** PROVIDED MATERIAL follows **
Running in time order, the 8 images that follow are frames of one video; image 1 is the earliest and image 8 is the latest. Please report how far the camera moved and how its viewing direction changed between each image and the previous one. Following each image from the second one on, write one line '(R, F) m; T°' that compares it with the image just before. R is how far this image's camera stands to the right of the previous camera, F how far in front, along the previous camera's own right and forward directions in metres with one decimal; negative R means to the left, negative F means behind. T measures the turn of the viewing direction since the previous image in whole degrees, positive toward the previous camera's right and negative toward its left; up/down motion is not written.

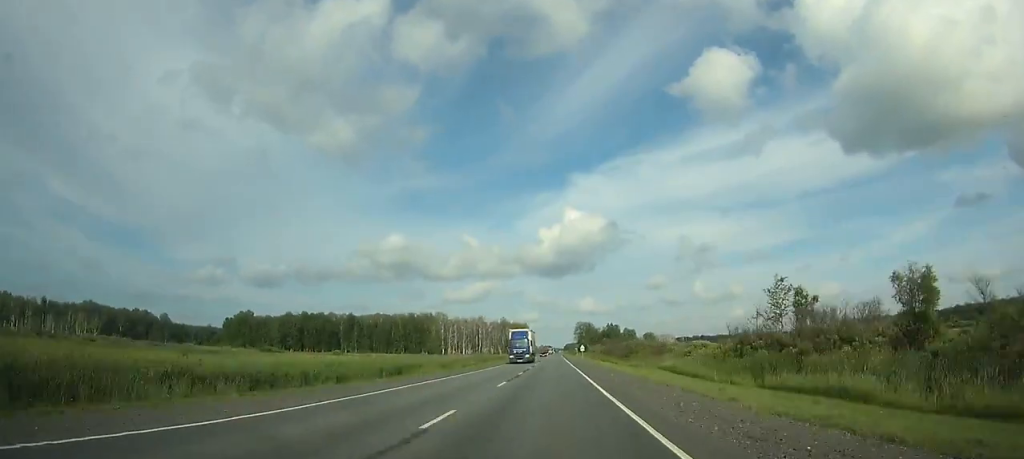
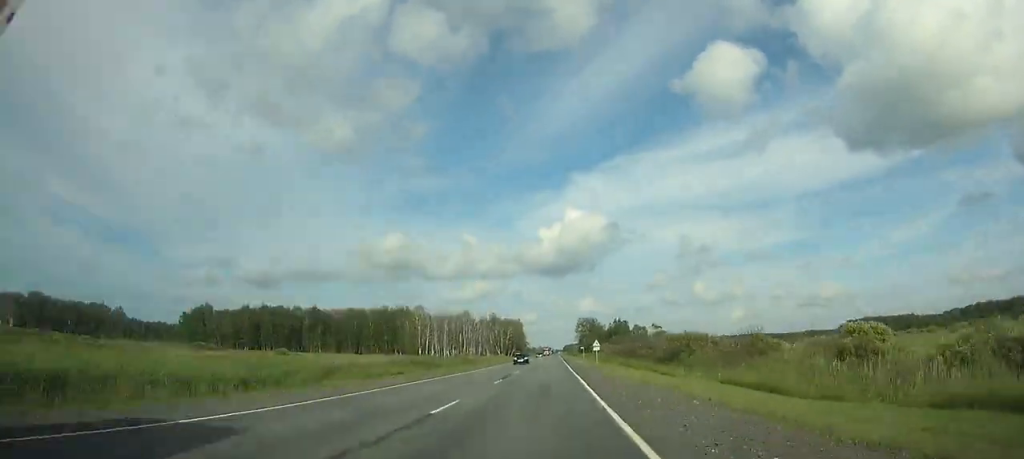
(0.0, +44.4) m; 0°
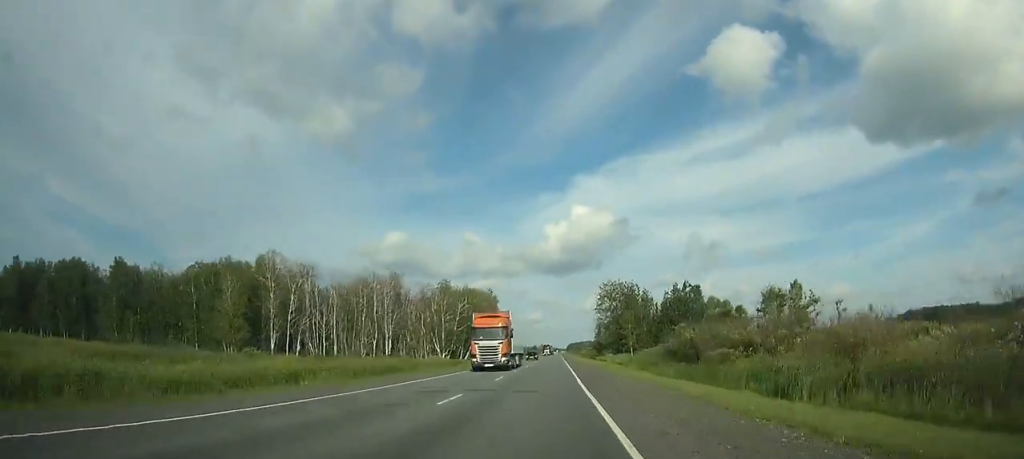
(-0.4, +125.5) m; 0°
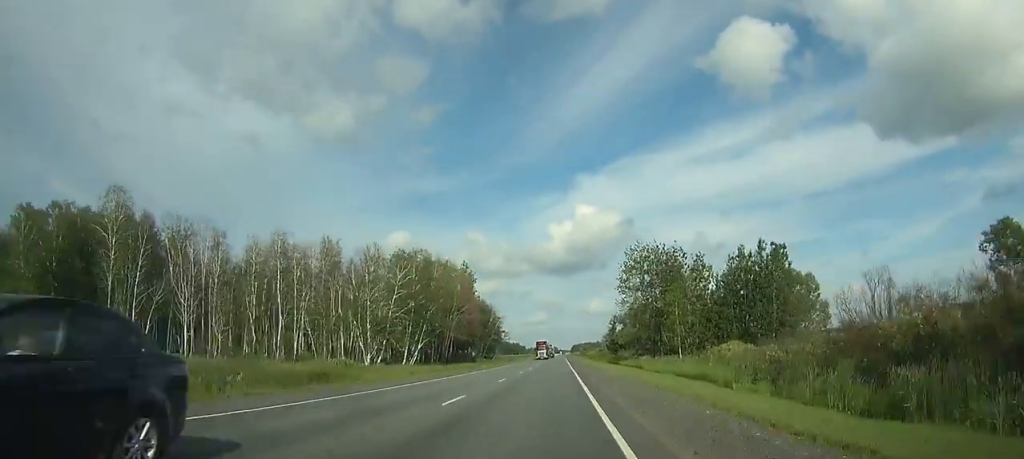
(+0.4, +45.3) m; +1°
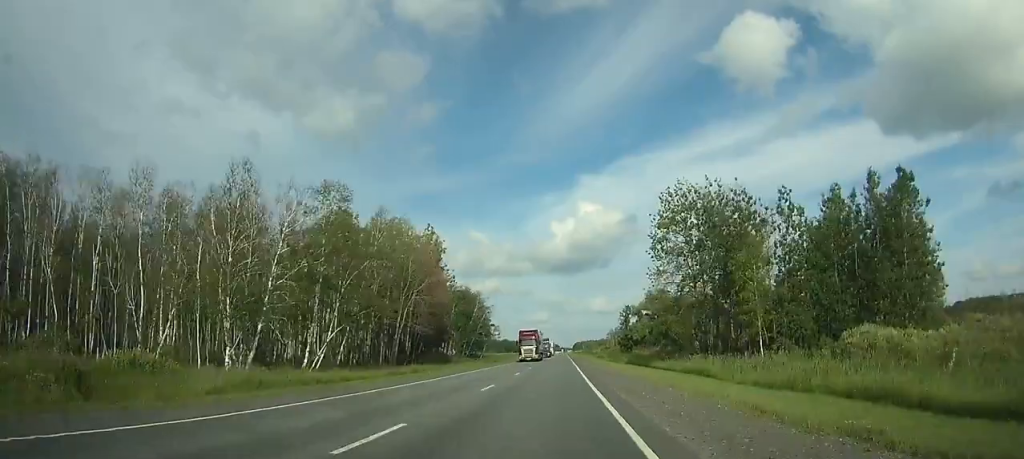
(+0.4, +31.5) m; -1°
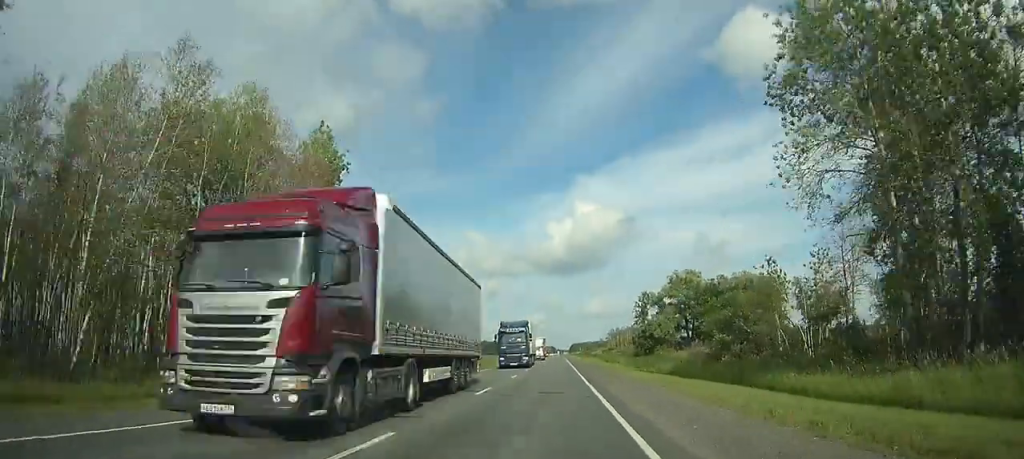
(+1.4, +38.3) m; -2°
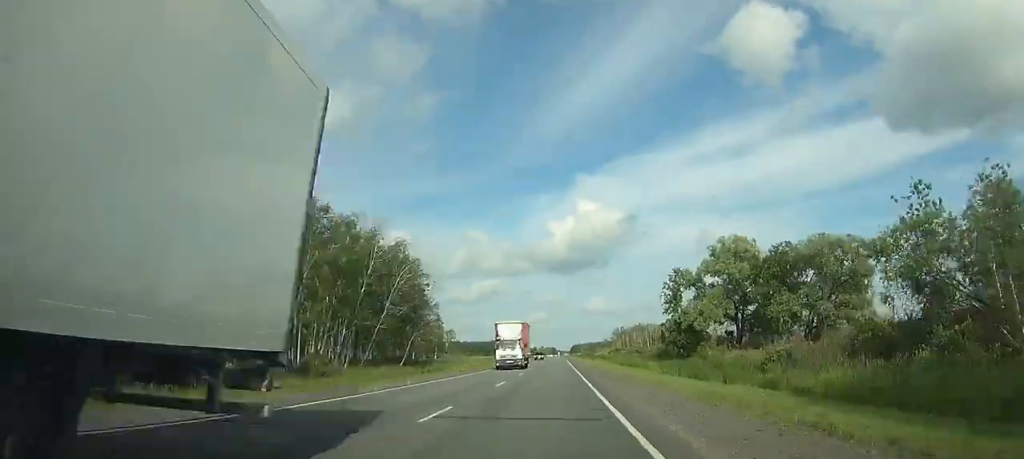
(-2.4, +32.5) m; -1°
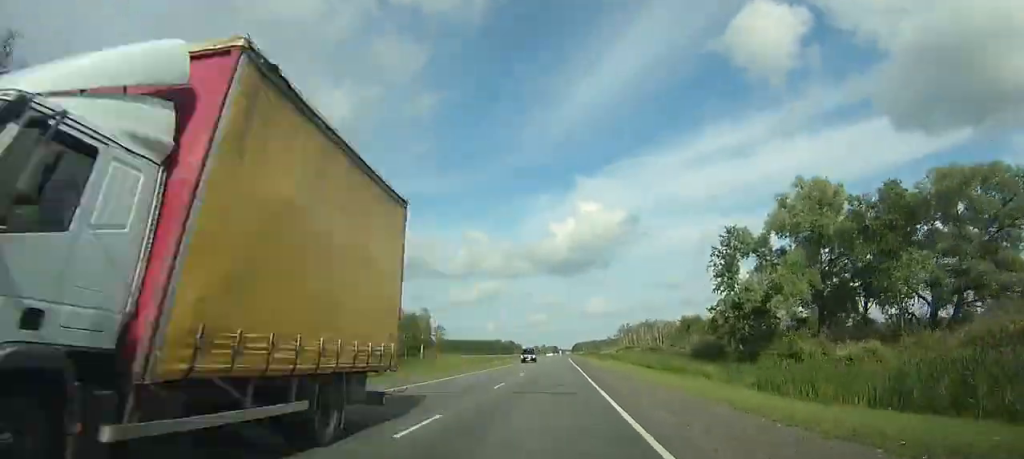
(-1.2, +26.8) m; -1°
** End of PROVIDED MATERIAL **
* _TASK_
Would you retype every line shown above exactly, leaving the pictures aside?

* _TASK ANSWER_
Running in time order, the 8 images that follow are frames of one video; image 1 is the earliest and image 8 is the latest. Please report how far the camera moved and how its viewing direction changed between each image and the previous one. Following each image from the second one on, write one line '(R, F) m; T°' that compares it with the image just before. R is how far this image's camera stands to the right of the previous camera, F how far in front, along the previous camera's own right and forward directions in metres with one decimal; negative R means to the left, negative F means behind. T measures the turn of the viewing direction since the previous image in whole degrees, positive toward the previous camera's right and negative toward its left; up/down motion is not written.

(0.0, +44.4) m; 0°
(-0.4, +125.5) m; 0°
(+0.4, +45.3) m; +1°
(+0.4, +31.5) m; -1°
(+1.4, +38.3) m; -2°
(-2.4, +32.5) m; -1°
(-1.2, +26.8) m; -1°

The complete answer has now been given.